Ахмед чувствовал себя очень плохо. Он извинился и отправился к врачу своего командира, выполняя распоряжение Куати. Ахмеду почти не доводилось иметь дело с врачами. По его мнению, их следовало всячески избегать. Он принимал участие в боях, видел смерть и раны, но сам счастливо избегал этого. Но даже рана была предпочтительнее того, что случилось с ним сейчас. Когда в тебя попадает пуля или осколок гранаты, это понятно, но что вызвало такое неожиданное и быстрое заболевание?

Доктор выслушал, как Ахмед описал симптомы болезни, задал несколько вопросов, которые не были такими глупыми, как это могло показаться, и обратил внимание на то, что он курит, – доктор укоризненно покачал головой и щелкнул языком, будто сигареты могут иметь какое-то отношение к заболеванию. Какая чепуха, подумал Ахмед. Разве он не пробегал ежедневно шесть километров – по крайней мере до недавнего времени.

Затем последовал осмотр. Врач приставил стетоскоп к груди бойца и прислушался. В следующее мгновение, заметил Ахмед, глаза доктора стали настороженными, совсем как у смелого бойца, старающегося скрыть свои чувства.

– Вдохните, – распорядился врач. Ахмед сделал вдох. – Теперь медленно выдохните.

Стетоскоп передвинулся на другое место.

– Еще раз, пожалуйста.

Процедура повторилась еще шесть раз, со стороны груди и спины.

– Что со мной? – спросил Ахмед, когда осмотр закончился.

– Не знаю. Мне нужно показать вас другому специалисту, который лучше разбирается в легочных заболеваниях.

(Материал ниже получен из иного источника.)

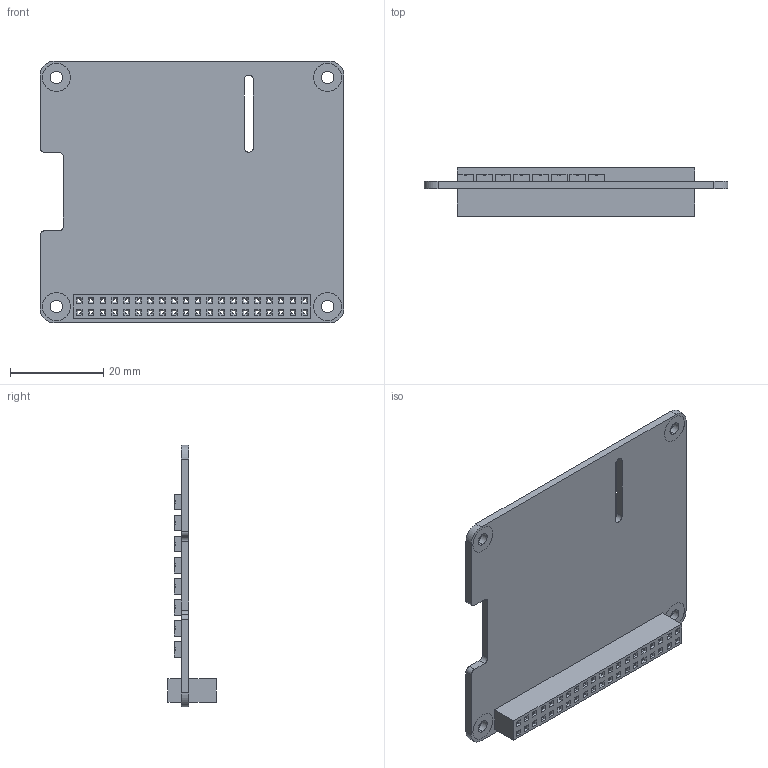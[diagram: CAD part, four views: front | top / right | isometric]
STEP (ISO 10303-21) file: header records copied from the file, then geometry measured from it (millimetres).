
FILE_DESCRIPTION (( 'STEP AP203' ), '1' );
FILE_NAME ('RaspberryPiSenseHAT_STEP_AP203.STEP', '2021-07-31T03:42:13', ( '' ), ( '' ), 'SwSTEP 2.0', 'SolidWorks 2021', '' );
FILE_SCHEMA (( 'CONFIG_CONTROL_DESIGN' ));
Length unit declared in the file: millimetre
Products named in the file (1): RaspberryPiSenseHAT_STEP_AP203
Bounding box: 65 x 10.3 x 56 mm (x, y, z)
Volume: 8652.8 mm3; surface area: 10961.2 mm2
Topology: 1 solids, 1 shells, 1377 faces, 3151 edges, 1994 vertices
Faces by surface type: plane 1134, cylinder 243
Entity records: 38248 total; most frequent: CARTESIAN_POINT 6523, DIRECTION 6393, ORIENTED_EDGE 6302, EDGE_CURVE 3151, LINE 2665, VECTOR 2665, VERTEX_POINT 1994, AXIS2_PLACEMENT_3D 1864
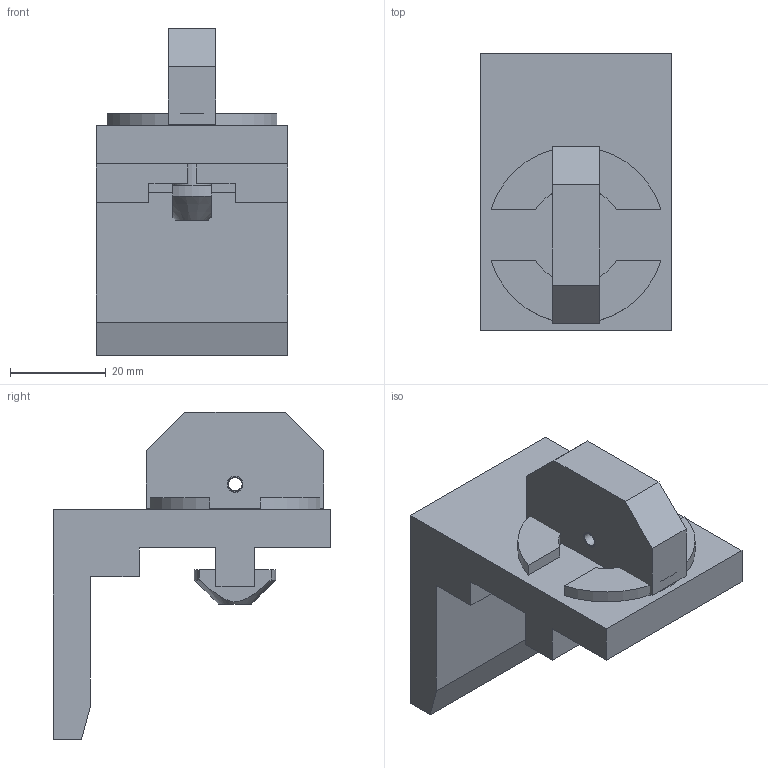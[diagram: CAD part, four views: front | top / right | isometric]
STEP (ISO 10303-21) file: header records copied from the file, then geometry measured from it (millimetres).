
FILE_DESCRIPTION(('STEP AP214'),'1');
FILE_NAME('FIXE00E2350 - Bride Equerre fixation de panneau KH 8 40x40 ep10mm Ral4010.stp','2025-07-22T07:56:55',(' '),(' '),'Spatial InterOp 3D',' ',' ');
FILE_SCHEMA(('AUTOMOTIVE_DESIGN { 1 0 10303 214 1 1 1 1 }'));
Length unit declared in the file: millimetre
Products named in the file (5): FIXE00E2350 - Bride Equerre fixation de panneau KH 8 40x40 ep10mm Ral4010; FIXE00E2314 - Bouton de manoeuvre; Goupille élastique mince 3 - 10; FIXE00E3927 - Lardon de serrage; FIXE00E3266 - Equerre de toit
Assembly tree (4 placements, depth 2):
  FIXE00E2350 - Bride Equerre fixation de panneau KH 8 40x40 ep10mm Ral4010
    FIXE00E2314 - Bouton de manoeuvre
    Goupille élastique mince 3 - 10
    FIXE00E3927 - Lardon de serrage
    FIXE00E3266 - Equerre de toit
Bounding box: 40 x 58 x 68.3 mm (x, y, z)
Volume: 44050.5 mm3; surface area: 15554.5 mm2
Topology: 4 solids, 4 shells, 71 faces, 177 edges, 116 vertices
Faces by surface type: plane 53, cylinder 13, cone 5
Full cylindrical faces by diameter (mm): 3 x3, 8 x1, 8.2 x1
Entity records: 3297 total; most frequent: CARTESIAN_POINT 445, DIRECTION 349, ORIENTED_EDGE 334, EDGE_CURVE 167, LINE 117, VECTOR 117, AXIS2_PLACEMENT_3D 116, VERTEX_POINT 112

– У меня нет для этого времени.

– Время найдется. Если нужно, я поговорю с вашим командиром.

* * *

Ситуация, в которой находился Райан, была такова, что он не заметил, что жена стала уделять ему меньше внимания, или, что будет вернее, был даже благодарен ей за это. Ему стало лучше. Уменьшилось напряжение. Может быть, она поняла, что его лучше всего на некоторое время оставить в покое. Он отблагодарит Кэти, обещал себе Джек, обязательно постарается снова стать хорошим мужем, как только его состояние улучшится. Он не сомневался в этом – или убеждал себя, что не сомневается, хотя где-то в глубине пряталась мысль, что он совсем не так в этом уверен, и все время заявляла о себе сознанию, которое предпочитало не обращать на нее внимания. Джек попытался меньше пить, однако теперь, когда от него ничего не требовалось, он мог больше спать – убеждал себя Джек, – а вино помогало засыпать. Весной, когда потеплеет, он станет вести здоровый образ жизни. Да, непременно станет. Начнет бегать. Выберет время и в обеденный перерыв вместе с другими любителями попотеть будет бегать по дороге, опоясывающей внутреннюю часть изгороди, отделяющей ЦРУ от остального мира. Кларк будет играть роль тренера. Да, на Кларка можно положиться. Лучше уж бегать с ним, чем с Чавезом, который был в отвратительно хорошей форме и не проявлял ни малейшего сочувствия к тем, кто не мог вести здоровый образ жизни, – несомненно, это осталось у него от службы в пехоте, подумал Райан. Динг поймет реальности жизни, когда приблизится к тридцатилетнему рубежу. Этот рубеж все расставляет по местам, уравнивает всех, давая понять, что ты перестал быть юношей и должен смотреть в лицо суровому факту, что всему есть предел.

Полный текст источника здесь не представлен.